Task prompt: Output each line of the listing that follows, with every character kept as it is.
____________
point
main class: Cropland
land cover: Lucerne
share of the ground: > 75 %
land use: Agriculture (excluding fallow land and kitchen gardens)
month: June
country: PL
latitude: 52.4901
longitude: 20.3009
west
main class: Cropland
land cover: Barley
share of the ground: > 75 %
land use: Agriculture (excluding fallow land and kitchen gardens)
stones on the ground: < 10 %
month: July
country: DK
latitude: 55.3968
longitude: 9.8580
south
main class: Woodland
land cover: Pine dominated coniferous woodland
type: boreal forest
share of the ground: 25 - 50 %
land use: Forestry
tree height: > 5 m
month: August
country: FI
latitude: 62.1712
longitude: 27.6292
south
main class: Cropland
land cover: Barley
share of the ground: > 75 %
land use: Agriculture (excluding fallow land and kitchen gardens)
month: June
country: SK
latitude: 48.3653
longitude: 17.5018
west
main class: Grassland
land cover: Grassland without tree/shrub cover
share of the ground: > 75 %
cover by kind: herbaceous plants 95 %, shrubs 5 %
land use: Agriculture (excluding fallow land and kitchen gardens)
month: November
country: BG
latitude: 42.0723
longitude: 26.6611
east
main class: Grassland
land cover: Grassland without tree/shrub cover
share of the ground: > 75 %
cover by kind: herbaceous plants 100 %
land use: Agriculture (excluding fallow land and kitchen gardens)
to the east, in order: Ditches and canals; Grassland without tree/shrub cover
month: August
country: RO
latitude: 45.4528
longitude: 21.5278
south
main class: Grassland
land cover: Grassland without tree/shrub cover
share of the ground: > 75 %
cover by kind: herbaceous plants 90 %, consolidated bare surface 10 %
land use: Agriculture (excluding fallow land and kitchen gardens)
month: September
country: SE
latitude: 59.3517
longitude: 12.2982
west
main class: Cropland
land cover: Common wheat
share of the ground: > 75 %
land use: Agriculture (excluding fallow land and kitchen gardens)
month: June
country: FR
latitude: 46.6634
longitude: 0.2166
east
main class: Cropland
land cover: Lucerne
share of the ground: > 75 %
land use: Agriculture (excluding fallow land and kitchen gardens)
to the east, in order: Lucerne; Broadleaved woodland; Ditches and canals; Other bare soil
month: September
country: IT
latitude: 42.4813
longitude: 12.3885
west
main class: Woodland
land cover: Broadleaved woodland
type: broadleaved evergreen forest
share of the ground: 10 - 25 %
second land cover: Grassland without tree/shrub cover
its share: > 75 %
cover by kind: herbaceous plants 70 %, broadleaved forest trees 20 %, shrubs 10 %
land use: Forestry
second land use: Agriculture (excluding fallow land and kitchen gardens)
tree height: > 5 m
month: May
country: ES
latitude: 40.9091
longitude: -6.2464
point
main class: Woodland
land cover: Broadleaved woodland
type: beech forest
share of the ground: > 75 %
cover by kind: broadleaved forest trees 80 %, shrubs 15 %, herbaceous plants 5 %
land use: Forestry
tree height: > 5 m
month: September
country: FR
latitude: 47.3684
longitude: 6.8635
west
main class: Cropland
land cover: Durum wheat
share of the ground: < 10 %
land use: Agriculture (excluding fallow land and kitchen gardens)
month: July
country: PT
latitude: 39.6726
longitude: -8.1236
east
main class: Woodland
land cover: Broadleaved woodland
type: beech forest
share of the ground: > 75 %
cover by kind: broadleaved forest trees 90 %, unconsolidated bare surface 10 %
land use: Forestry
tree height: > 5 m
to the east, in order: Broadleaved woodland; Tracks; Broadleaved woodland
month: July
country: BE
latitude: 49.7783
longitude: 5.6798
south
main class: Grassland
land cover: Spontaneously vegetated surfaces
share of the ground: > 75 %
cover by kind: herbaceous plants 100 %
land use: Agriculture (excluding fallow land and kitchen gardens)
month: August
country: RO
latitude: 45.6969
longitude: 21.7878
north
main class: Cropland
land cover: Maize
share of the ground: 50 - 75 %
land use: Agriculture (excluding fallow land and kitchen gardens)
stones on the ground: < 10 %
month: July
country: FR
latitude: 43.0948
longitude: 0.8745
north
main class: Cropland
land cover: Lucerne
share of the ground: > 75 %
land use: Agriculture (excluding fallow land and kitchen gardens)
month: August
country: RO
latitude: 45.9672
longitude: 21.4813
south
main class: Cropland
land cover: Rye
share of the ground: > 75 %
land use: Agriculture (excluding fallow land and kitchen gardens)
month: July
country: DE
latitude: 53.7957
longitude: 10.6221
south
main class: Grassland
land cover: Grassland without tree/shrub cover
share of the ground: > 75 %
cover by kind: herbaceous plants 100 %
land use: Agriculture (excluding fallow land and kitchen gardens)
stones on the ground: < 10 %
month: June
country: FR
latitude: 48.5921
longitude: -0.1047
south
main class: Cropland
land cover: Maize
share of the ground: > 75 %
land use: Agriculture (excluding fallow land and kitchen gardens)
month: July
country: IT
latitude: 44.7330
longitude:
____________
Task answer:
point
main class: Cropland
land cover: Lucerne
share of the ground: > 75 %
land use: Agriculture (excluding fallow land and kitchen gardens)
month: June
country: PL
latitude: 52.4901
longitude: 20.3009
west
main class: Cropland
land cover: Barley
share of the ground: > 75 %
land use: Agriculture (excluding fallow land and kitchen gardens)
stones on the ground: < 10 %
month: July
country: DK
latitude: 55.3968
longitude: 9.8580
south
main class: Woodland
land cover: Pine dominated coniferous woodland
type: boreal forest
share of the ground: 25 - 50 %
land use: Forestry
tree height: > 5 m
month: August
country: FI
latitude: 62.1712
longitude: 27.6292
south
main class: Cropland
land cover: Barley
share of the ground: > 75 %
land use: Agriculture (excluding fallow land and kitchen gardens)
month: June
country: SK
latitude: 48.3653
longitude: 17.5018
west
main class: Grassland
land cover: Grassland without tree/shrub cover
share of the ground: > 75 %
cover by kind: herbaceous plants 95 %, shrubs 5 %
land use: Agriculture (excluding fallow land and kitchen gardens)
month: November
country: BG
latitude: 42.0723
longitude: 26.6611
east
main class: Grassland
land cover: Grassland without tree/shrub cover
share of the ground: > 75 %
cover by kind: herbaceous plants 100 %
land use: Agriculture (excluding fallow land and kitchen gardens)
to the east, in order: Ditches and canals; Grassland without tree/shrub cover
month: August
country: RO
latitude: 45.4528
longitude: 21.5278
south
main class: Grassland
land cover: Grassland without tree/shrub cover
share of the ground: > 75 %
cover by kind: herbaceous plants 90 %, consolidated bare surface 10 %
land use: Agriculture (excluding fallow land and kitchen gardens)
month: September
country: SE
latitude: 59.3517
longitude: 12.2982
west
main class: Cropland
land cover: Common wheat
share of the ground: > 75 %
land use: Agriculture (excluding fallow land and kitchen gardens)
month: June
country: FR
latitude: 46.6634
longitude: 0.2166
east
main class: Cropland
land cover: Lucerne
share of the ground: > 75 %
land use: Agriculture (excluding fallow land and kitchen gardens)
to the east, in order: Lucerne; Broadleaved woodland; Ditches and canals; Other bare soil
month: September
country: IT
latitude: 42.4813
longitude: 12.3885
west
main class: Woodland
land cover: Broadleaved woodland
type: broadleaved evergreen forest
share of the ground: 10 - 25 %
second land cover: Grassland without tree/shrub cover
its share: > 75 %
cover by kind: herbaceous plants 70 %, broadleaved forest trees 20 %, shrubs 10 %
land use: Forestry
second land use: Agriculture (excluding fallow land and kitchen gardens)
tree height: > 5 m
month: May
country: ES
latitude: 40.9091
longitude: -6.2464
point
main class: Woodland
land cover: Broadleaved woodland
type: beech forest
share of the ground: > 75 %
cover by kind: broadleaved forest trees 80 %, shrubs 15 %, herbaceous plants 5 %
land use: Forestry
tree height: > 5 m
month: September
country: FR
latitude: 47.3684
longitude: 6.8635
west
main class: Cropland
land cover: Durum wheat
share of the ground: < 10 %
land use: Agriculture (excluding fallow land and kitchen gardens)
month: July
country: PT
latitude: 39.6726
longitude: -8.1236
east
main class: Woodland
land cover: Broadleaved woodland
type: beech forest
share of the ground: > 75 %
cover by kind: broadleaved forest trees 90 %, unconsolidated bare surface 10 %
land use: Forestry
tree height: > 5 m
to the east, in order: Broadleaved woodland; Tracks; Broadleaved woodland
month: July
country: BE
latitude: 49.7783
longitude: 5.6798
south
main class: Grassland
land cover: Spontaneously vegetated surfaces
share of the ground: > 75 %
cover by kind: herbaceous plants 100 %
land use: Agriculture (excluding fallow land and kitchen gardens)
month: August
country: RO
latitude: 45.6969
longitude: 21.7878
north
main class: Cropland
land cover: Maize
share of the ground: 50 - 75 %
land use: Agriculture (excluding fallow land and kitchen gardens)
stones on the ground: < 10 %
month: July
country: FR
latitude: 43.0948
longitude: 0.8745
north
main class: Cropland
land cover: Lucerne
share of the ground: > 75 %
land use: Agriculture (excluding fallow land and kitchen gardens)
month: August
country: RO
latitude: 45.9672
longitude: 21.4813
south
main class: Cropland
land cover: Rye
share of the ground: > 75 %
land use: Agriculture (excluding fallow land and kitchen gardens)
month: July
country: DE
latitude: 53.7957
longitude: 10.6221
south
main class: Grassland
land cover: Grassland without tree/shrub cover
share of the ground: > 75 %
cover by kind: herbaceous plants 100 %
land use: Agriculture (excluding fallow land and kitchen gardens)
stones on the ground: < 10 %
month: June
country: FR
latitude: 48.5921
longitude: -0.1047
south
main class: Cropland
land cover: Maize
share of the ground: > 75 %
land use: Agriculture (excluding fallow land and kitchen gardens)
month: July
country: IT
latitude: 44.7330
longitude:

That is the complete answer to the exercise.